And no money down really does help the companies more because they’ll be able to squeeze more interest out of every person who does this. If you buy a car or put $5000 down on a car, you’ll pay significantly less in interest than if you come with no money down. This may not be true in all cases, like the real estate gurus who say that you can get cash back when you buy a house with no money down, but I am not going to delve into that subject because I know nothing about it. Television glorifies the get now, pay later mentality, but it never emphasize the pay later, only the get now. Once I move into my own little household in the (hopefully) distant future, I will probably not own a television and if I want to see a particular show, I can always order it on iTunes, even though I don’t own an iPod. I can watch it on my computer and I will be fine. I just hope they don’t come with commercials. If they do, I will buy them on DVD when they come out. And this is one, maybe two shows tops. Even though I own almost all the Seinfeld DVDs, I hardly ever watch them. I’ve seen them so many times, I need a break. I haven’t been to see a movie in over three months and I’ve maybe gone to see two in the last nine months. I’d rather rent them on-demand if I really want to see them. And that’s maybe one to two movies a year. I am just not very impressed.
And I believe my lack of impression in regards to entertainment was that I was raised in a house that was allowed to watch no more than a half-hour to an hour of television a day from a young age until I was about 16. That is when I got my own television in my room and I watched maybe two hours a day, but mostly comedy shows. This was before I had any opinions on television whatsoever. I loved to read and still do and I love listening to podcasts online, especially ones that are thought-provoking, but I now know that the entertainment value of television is subpar because it doesn’t really care so much about the quality of the programming, but more about how many people they can get watching. A show like Deal or No Deal is very entertaining, but I forget about it less than a day after I watched it. And it doesn’t inspire me to become a better person. It just keeps you in the moment with this one person who is just randomly guessing cases and the only skill involved is knowing when to stop, but I know they have pressure from the network and the show to drag it out, make it suspenseful so that people keep watching. Everyone I know who watches this show says they would probably stop after one or two rounds and a modest six-figure offer, but they should also consider how boring a show like that would be and how low the ratings would be for a show like that. The show would be canceled.
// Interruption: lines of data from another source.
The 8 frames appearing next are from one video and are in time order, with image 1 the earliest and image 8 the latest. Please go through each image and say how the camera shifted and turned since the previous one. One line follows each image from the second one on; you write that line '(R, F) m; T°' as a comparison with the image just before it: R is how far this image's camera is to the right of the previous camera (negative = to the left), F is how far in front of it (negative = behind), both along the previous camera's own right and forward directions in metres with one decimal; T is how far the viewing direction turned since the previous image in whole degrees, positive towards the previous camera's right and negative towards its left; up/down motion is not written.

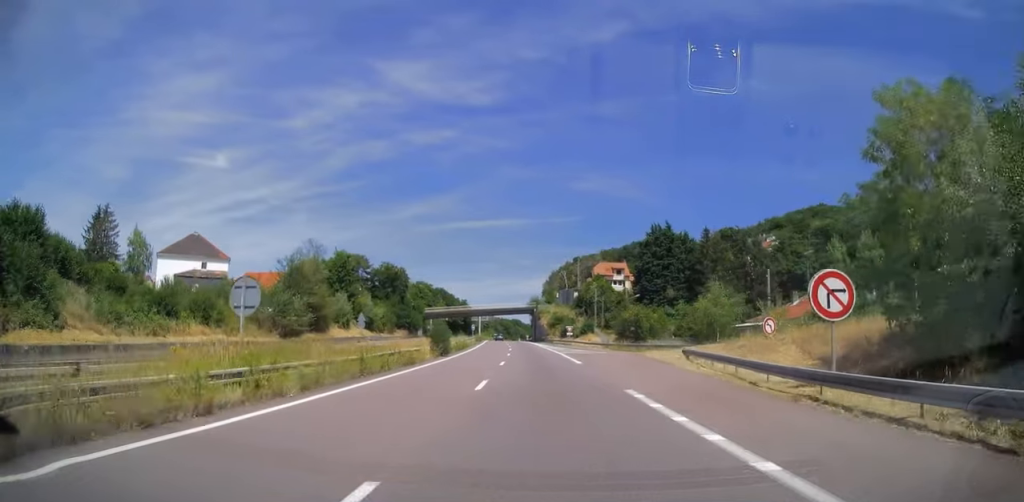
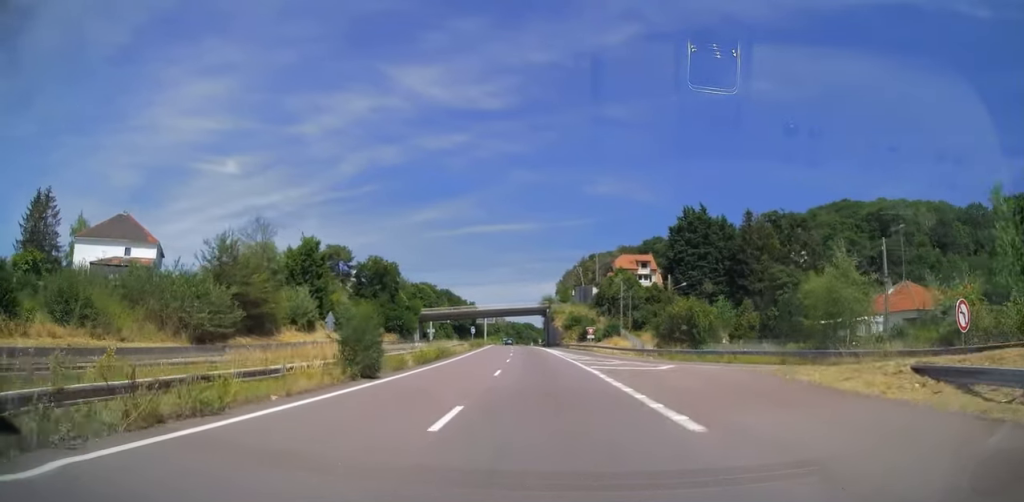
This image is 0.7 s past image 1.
(-0.1, +20.0) m; -1°
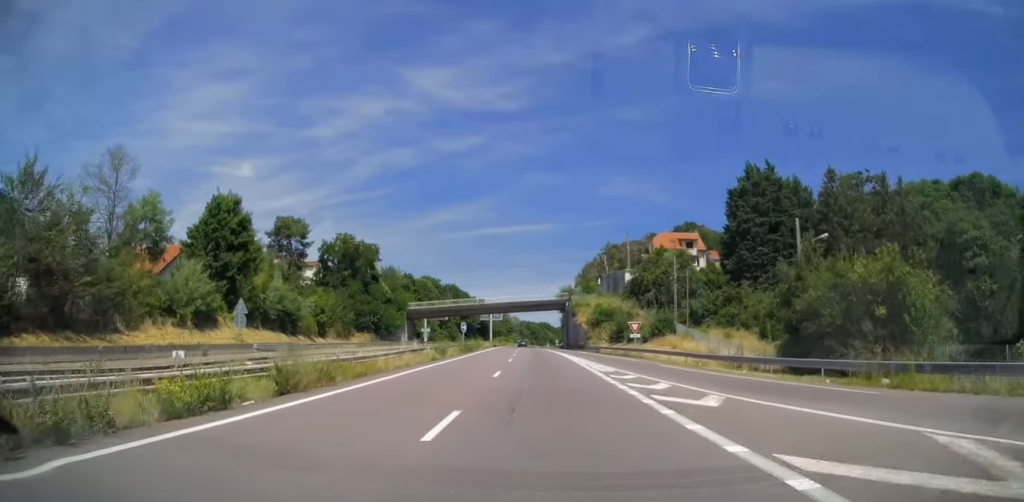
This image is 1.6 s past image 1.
(-0.5, +27.8) m; -2°
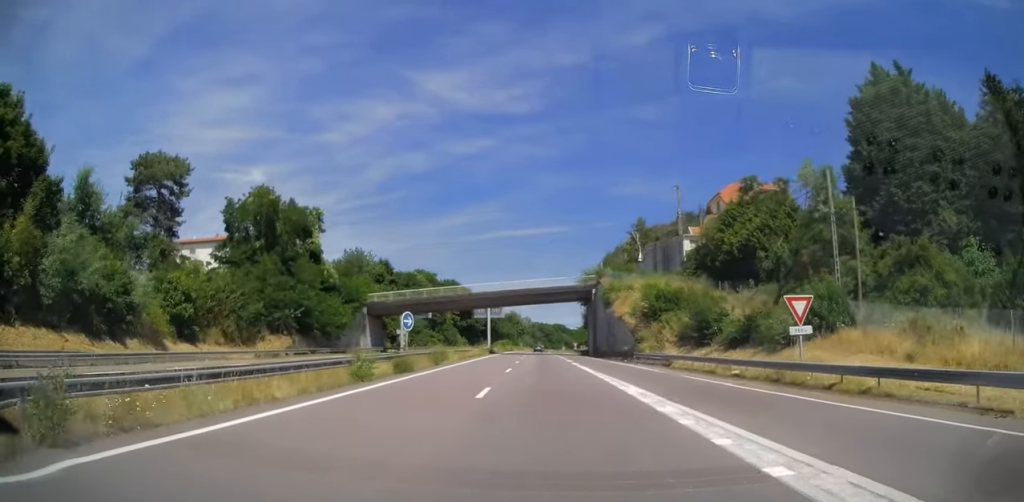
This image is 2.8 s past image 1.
(-0.7, +33.5) m; -2°
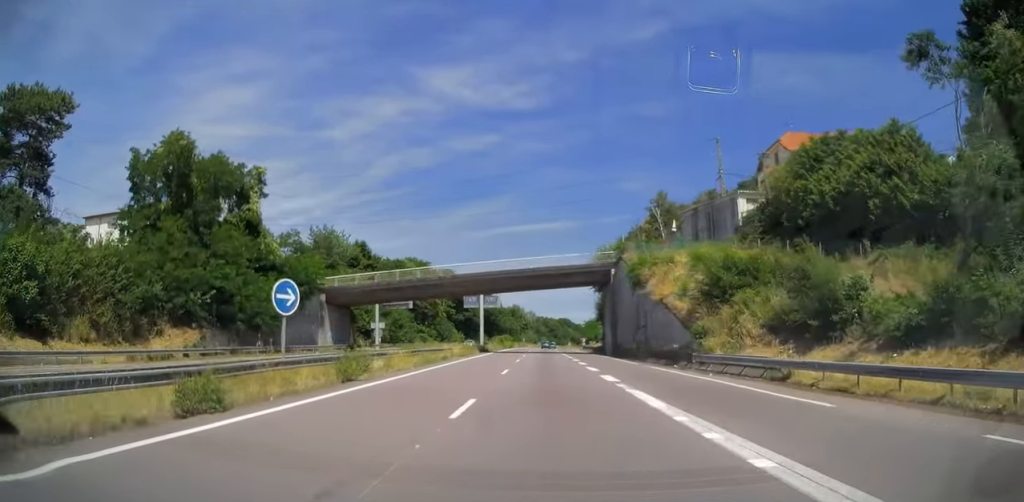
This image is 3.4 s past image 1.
(-0.1, +17.5) m; -1°
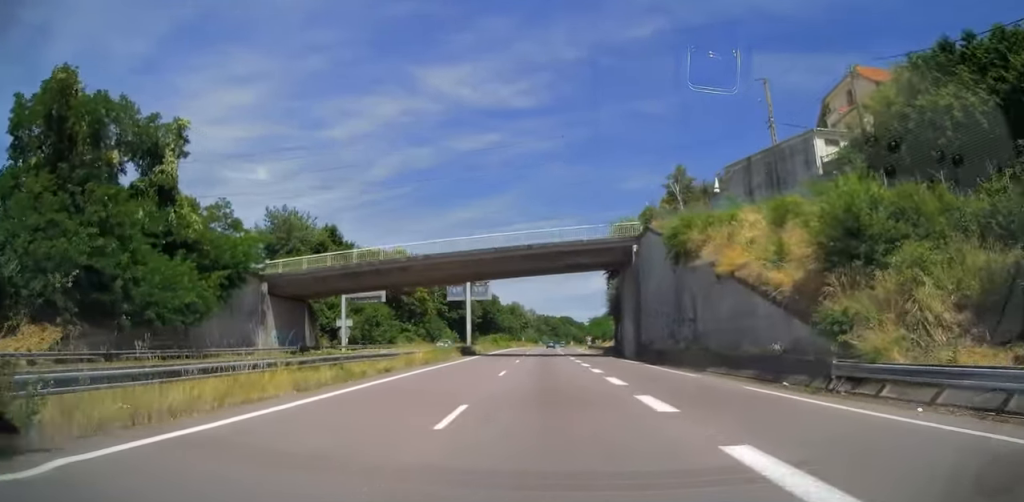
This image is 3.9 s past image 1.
(-0.1, +14.6) m; 0°
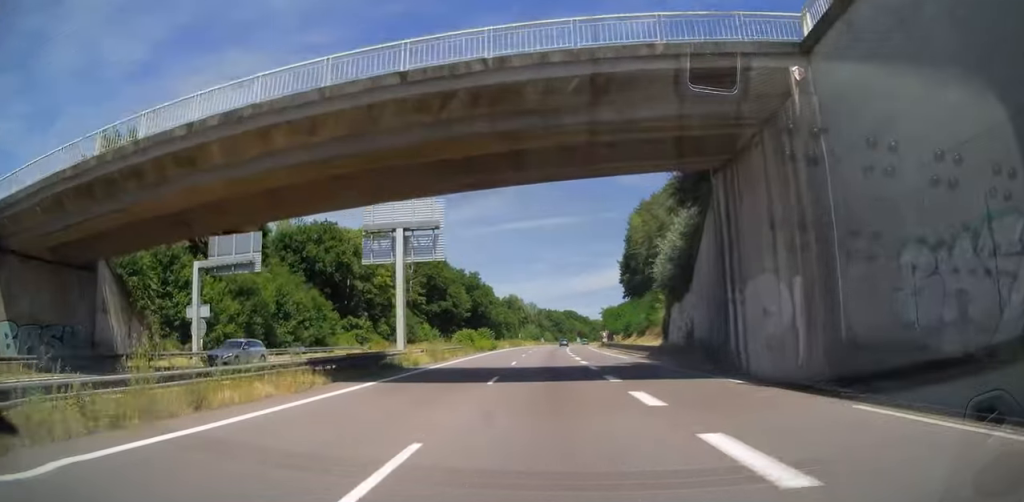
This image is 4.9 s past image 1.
(-0.2, +31.3) m; 0°
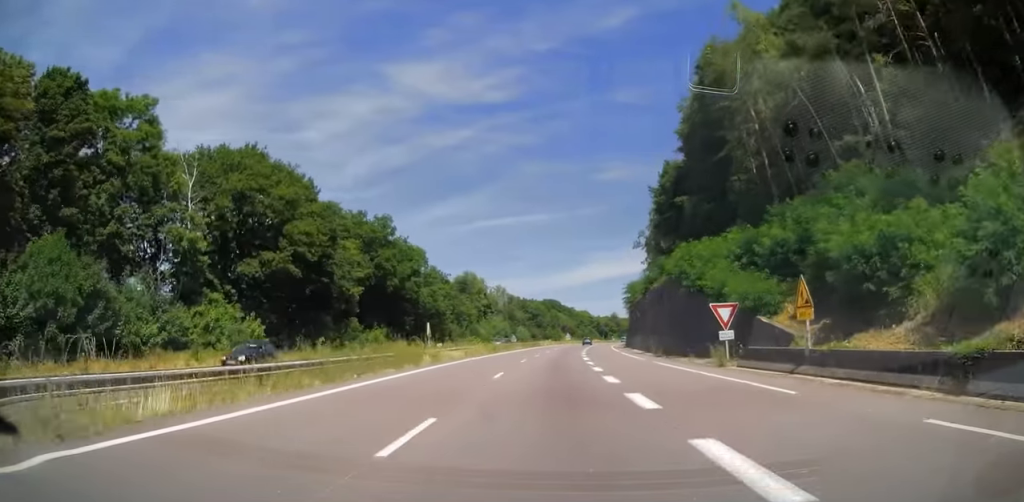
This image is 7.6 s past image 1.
(+1.0, +77.5) m; +2°

But the show is not really providing value, is it? I would get so much more entertainment by reading a novel or writing a blog post. Why should I spend my life watching someone else partake in an activity that I could just as easily partake in. I always had the joke that if they had a show 24 for my life, where it depicts 24 hours in a day of my life, it would be so boring because about nine of those hours would be me in bed and the rest of it might be me enjoying a cup of herbal tea, maybe writing a blog entry, possibly going to work for six hours, and then going home and basically zoning out for a couple of hours, maybe working on my comedy career. There would be no ratings and I know that. Most people’s lives would not make a good TV show. I’ve thought about writing for a television show or maybe creating my own, but if it is always going to be about the advertisers and the ratings, then I might not want to do it, unless I can comment on certain aspects of the show, like saying in the middle of a scene: “We only did this because we knew it would boost ratings. Drink Pepsi.” I have ideas for shows, like one about just people having conversations. I believe conversation is an art form, a living, breathing thing, and in the movie Coffee and Cigarettes, although I felt most of the conversations were rather shallow, I liked the idea. Just a bunch of random conversations. There was one with Steven Wright and one with Bill Murray and members of the Wu Tang Clan. But a show like that, unless the conversations were really good, will get canceled. I even heard of a show like that but it used clay animals to talk, but the conversations were real. It was made by those Wallace and Gromit people, who I believe are very creative. But it was canceled in America, and I know it is probably still on the air in Britain. It just shows you the difference there, not that I am insulting America, just our attention spans.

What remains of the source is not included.